The fact that it was found in the respiratory system and in feces along with other potential pathogens suggested that it could be a passenger without involvement instead of a true pathogen. In addition, it has been found in peripheral blood, saliva, feces, urine, environmental samples, including river and wastewater.
Pathogenicity
The pathogenesis of HBoV is poorly characterized, mainly due to the lack of specific cell lines for its culture, and of susceptible experimental animals. The only susceptible cells are HAE-ALI pseudostratified cells, derived from primary human bronchial epithelial cells.
The virus penetrates by respiratory route and by blood or by direct ingestion would reach the gastrointestinal tract. HBoV1 has been found in both the respiratory and gastrointestinal tracts. Several studies have shown the association between HBoV1 and the upper and lower respiratory tract. The most frequent clinical manifestations include cough, fever, rhinorrhea, asthmatic exacerbations, bronchiolitis, and pneumonia.
HBoV1 has also been found in samples of adult patients with gastrointestinal manifestations of nausea, vomiting and diarrhea. However, the viral load of HBoV1 in stool samples from pediatric patients with acute gastroenteritis is lower than in respiratory samples. HBoV2 is more frequent in stool samples, and possibly together with HBoV3, would be associated with gastroenteritis.
Unique HBoV infections are rare, whereas double coinfections are frequent associated with other viruses such as human Rhinovirus, Adenovirus, Norovirus or Rotavirus. In the respiratory tract, the existence of coinfection has been reported in 83% of respiratory samples, in particular associated with respiratory syncytial virus (89.5%).
HBoV1 can be detected in samples of nasopharyngeal aspirate in immunocompetent subjects up to 6 months after infection. This fact would facilitate its detection along with other viruses that at the same time could facilitate the reactivation of the latent virus during superinfection. The virus has little tropism in the human organism and has been found in lymphatic tissue.
Relevant clinical infections requiring hospitalization are associated with coinfections with up to 6 different pathogens in the same subject. It has been pointed out that when there is a high viral load (> 104 copies/mL), it is statistically associated with more serious clinical manifestations and more long-lasting hospitalization, although this fact has not been confirmed by others.
Diagnosis
The main method to detect human Bocavirus infections (HBoV) in respiratory or intestinal samples has been conventional PCR, followed by nested PCR and real-time PCR (rt-PCR).
PCR allows detection in nasopharyngeal aspirates, bronchoalveolar lavage, stool, serum and urine, using the amplification of NP1, NS1 and/or VP1/2 genes. The NP1 and NS1 regions are more conserved than VP1/2, so they are the preferred targets. Real time PCR (rt-PCR) has the advantage over conventional PCR of being more specific and rapid with a sensitivity of 100% and a specificity of 94% and 93% respectively for tests with NP1 and VP1.

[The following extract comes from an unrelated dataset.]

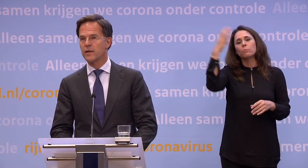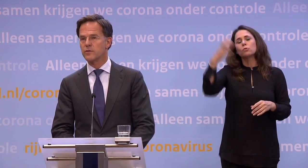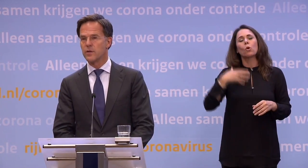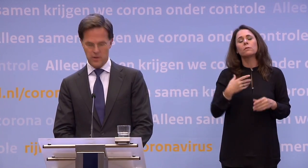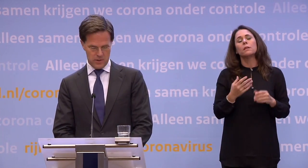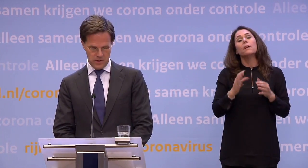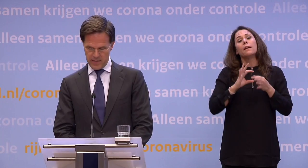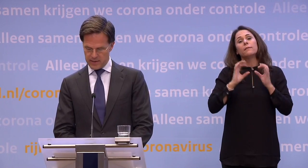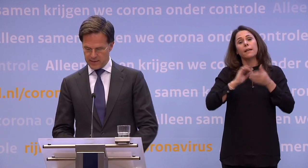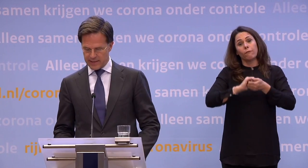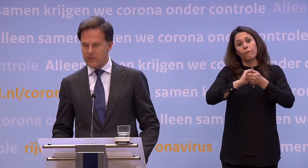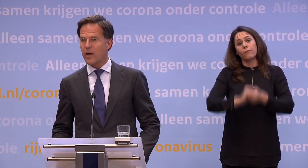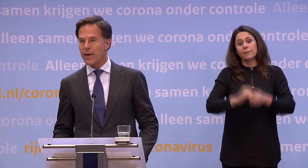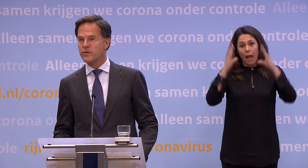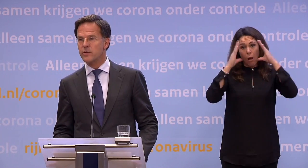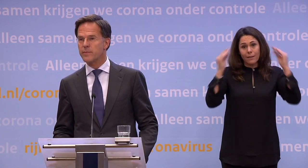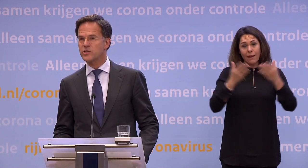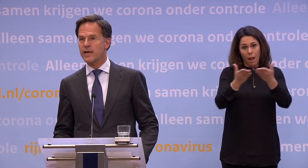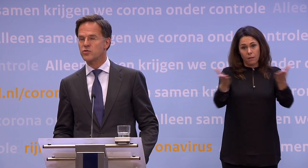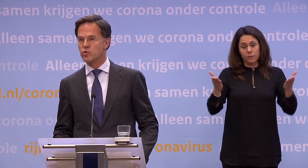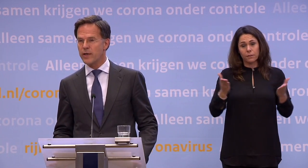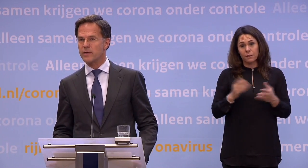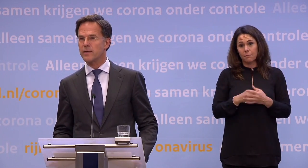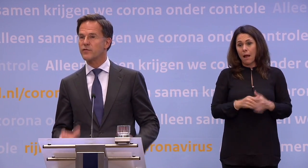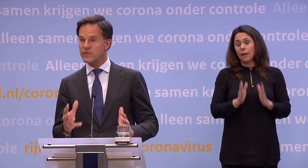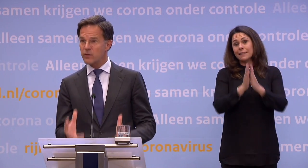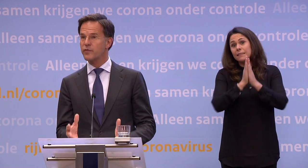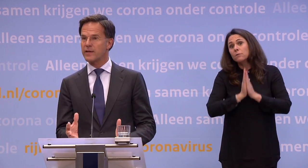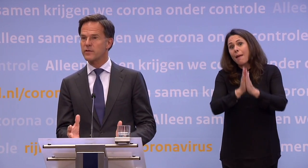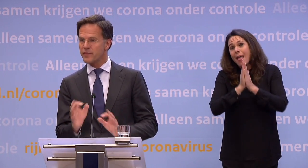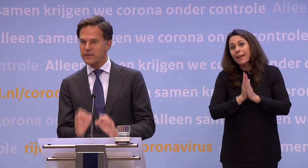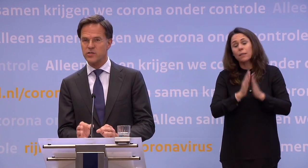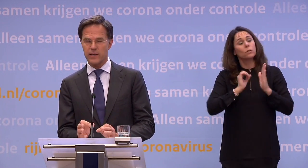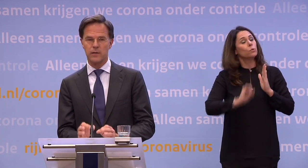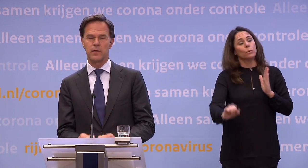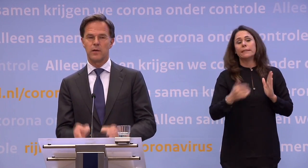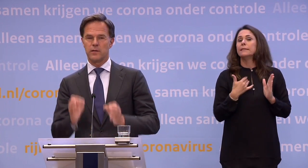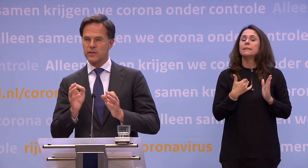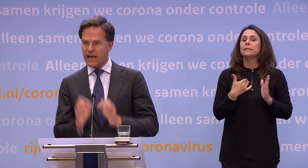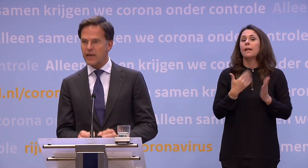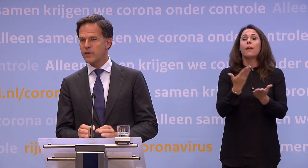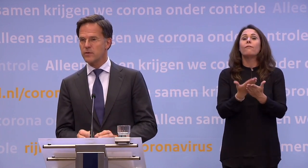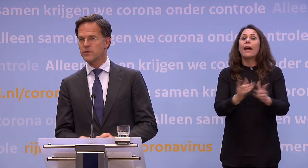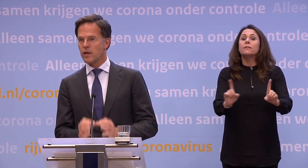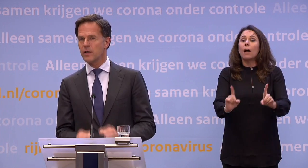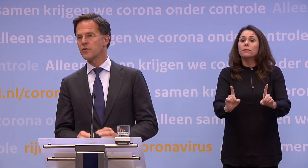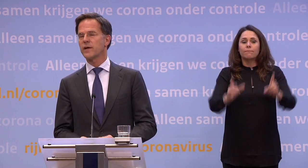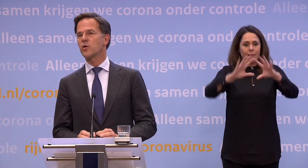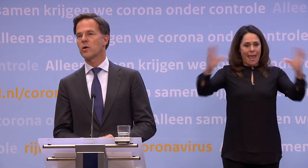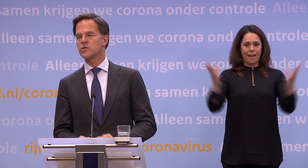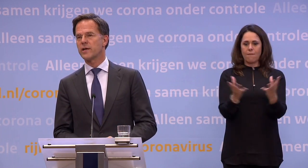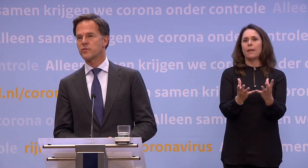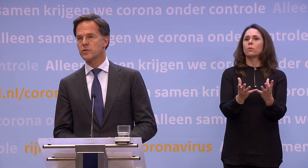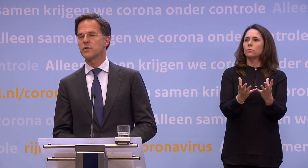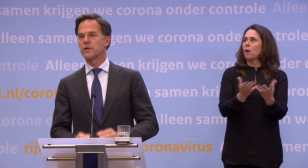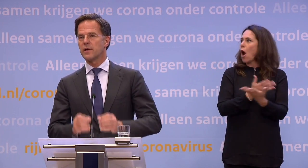vertrouwen in Nederland. Maar ik ga hier niet aanmechtig mensen ergens toe smeken. Ik vertel de feiten. De feiten zijn dat in de hele wereld, in alle landen waar

Also, serological methods have been developed to detect specific antibodies in serum samples such as western-blot, immunofluorescence and ELISA for IgG and IgM, including antibody avidity tests to differentiate antibodies from primary or secondary infections. However, considering that Bocaviruses are very prevalent and can establish persistent infections, the interpretation of the results is just as complicated as the molecular detection tests (PCR).